1. Field of the Invention
The present invention relates to a disk drive device, in particular, to a disk drive device improved in the stiffness of a fluid dynamic bearing while suppressing an increase in the size and deterioration in the drive performance of the fluid dynamic bearing.
2. Description of the Related Art
Hard disk drives (HDDs) are media used in storage devices of computers, etc. Devices that drive such recording disks are collectively termed disk drive devices. A disk drive device rotates, at high speed, a recording disk on which recording tracks for recording magnetic data are formed by a brushless motor. A magnetic head, which executes read/write of magnetic data from/in a recording disk, is arranged, with a slight gap, above the recording surface of the recording disk so that the recording tracks are traced.
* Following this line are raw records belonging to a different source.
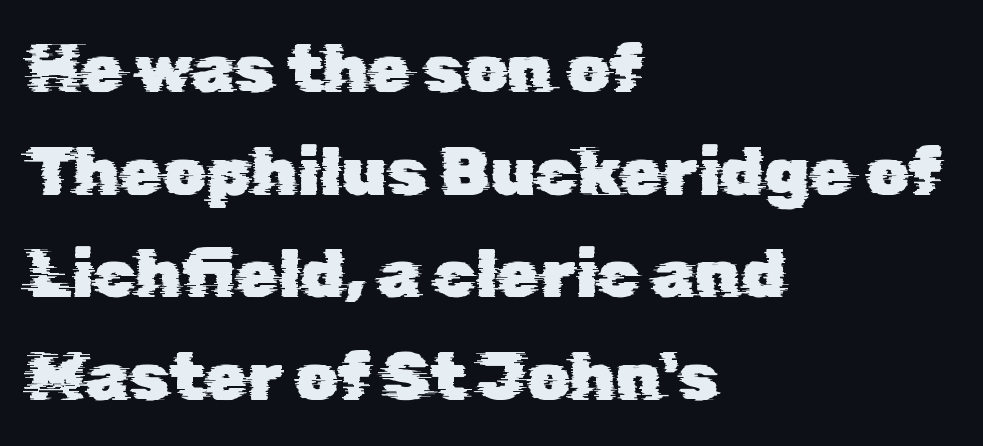
{"serif": "no", "width": "normal", "stroke_contrast": "low", "x_height": "medium", "monospaced": "no", "underline": "no", "align": "left", "line_spacing": "normal", "line_spacing_ratio": 1.51, "letter_spacing": "normal", "letter_spacing_em": 0.0, "glyph_px": 68}
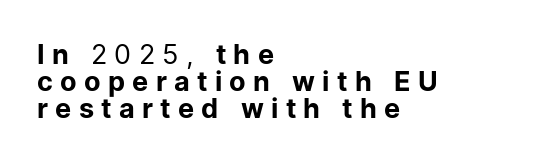
You could barely slide anything between these rows. The type sits square on the baseline with zero lean. Stroke thickness stays within the range of a standard reading face or lighter. Observe the wide spacing: letters keep a clear distance from each other. This rendering features lettering with no underline.
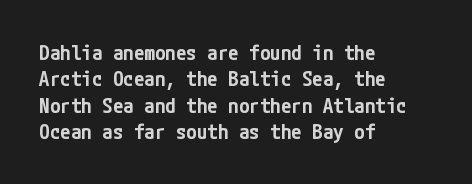
Its strokes are somewhat broadened, the hallmark of semibold type. Notice how descenders clear the ascenders below comfortably — that's standard leading. The letters stand straight up with perfectly vertical stems. Compared with a centered layout, this one pins lines to the left instead.

In many cases, fluid dynamic bearings are used in the bearing units of such disk drive devices. The general structure of a fluid dynamic bearing is disclosed in, for example, Japanese Patent Application Publication No. 2000-304052. The fluid dynamic bearing is provided with dynamic pressure grooves in part of a rotating body, such as a shaft, so that dynamic pressure is generated by interaction with the lubricant, such as oil, which is filled around the rotating body, when the rotating body is rotating. The bearing supports a load by making the rotating body in the lubricant maintain in a non-contact state by spacing the rotating body apart from surrounding components with the use of the generated dynamic pressure.
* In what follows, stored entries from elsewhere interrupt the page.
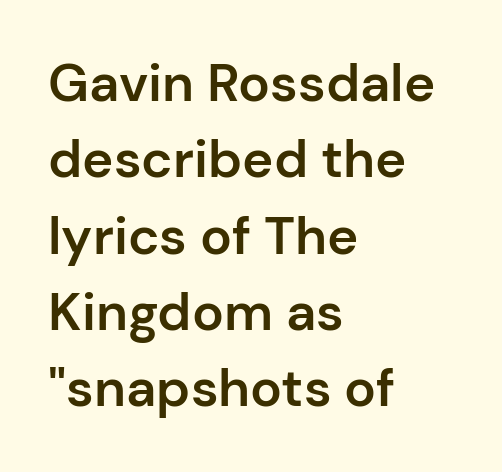
Q: Is the text bold? A: Semi-bold.
Q: Is the text italic (slanted)? A: No, it is upright.
Q: Is the typeface a serif or a sans-serif typeface? A: Sans-serif.
Q: Is the text underlined? A: No.
Q: How is the paragraph aligned? A: Left-aligned.
Q: Is the spacing between letters normal or unusually wide? A: Normal.
Q: Is the spacing between lines tight, normal or loose? A: Normal.
Q: Width (condensed, normal, or wide)? A: Normal.
Q: Stroke contrast? A: Low.
Q: x-height? A: Medium.
Q: Monospaced? A: No.

The rotational accuracy of a disk drive device has been drastically improved by providing such a fluid dynamic bearing, thereby allowing for a larger volume of magnetic data to be stored in a higher density. As a result, disk drive devices, which are provided with fluid dynamic bearings, have been mounted in various apparatuses and used in extensive environments. For example, the disk drive devices have more often been mounted in mobile devices. Under such situations of use, it has been requested that a disk drive device attains a stable rotational drive and is capable of normally executing the reading/writing of magnetic data, even if an impact and so forth is applied to the disk drive device or apparatus in which the disk drive devices is mounted. In particular, for disk drive devices that are mounted in mobile devices, there is a tendency that impact resistance is considered to be important.
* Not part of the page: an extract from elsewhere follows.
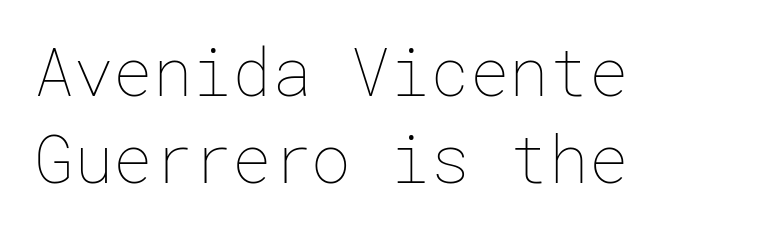
The image shows 66 px thin type, upright; set left-aligned, normal line spacing (1.32x), normal letter spacing, not underlined; low stroke contrast and a medium x-height.

The present inventors have recognized that, in a disk drive device, it is desirable that a thrust position of the recording disk is designed not to vary in order to stably maintain the operations of the disk drive device even if an impact is applied thereto in the thrust direction. That is, the inventors have recognized that it is effective to enhance the stiffness in the thrust direction of a fluid dynamic bearing. For example, a disk drive device is taken into consideration, in which the disk drive device comprises: a flange that is fixed to a shaft for rotating a recording disk; and a sleeve that includes a flange housing portion that rotatably houses the flange and that houses the shaft. In this case, because the flange has a function of generating dynamic pressure in the thrust direction, the stiffness in the thrust direction can be improved when the diameter of the flange is increased. However, in a disk drive device that is strongly needed to be small in size, it is undesirable that the housing, which forms the shape of the disk drive device, is made larger. Therefore, making the diameter of the flange larger induces the arrangement space of the drive unit to be compressed, the drive unit being arranged on the outer circumference side of the flange. If the drive unit becomes small, the drive current for generating required torque is increased, thereby causing the required performance of the electronic device, in which the disk drive device is mounted, sometimes not to be fulfilled. Alternatively, when the drive current is not increased, the maximum torque is decreased and the rotation becomes unstable accordingly, thereby sometimes deteriorating the accuracy of the reading/writing of magnetic data.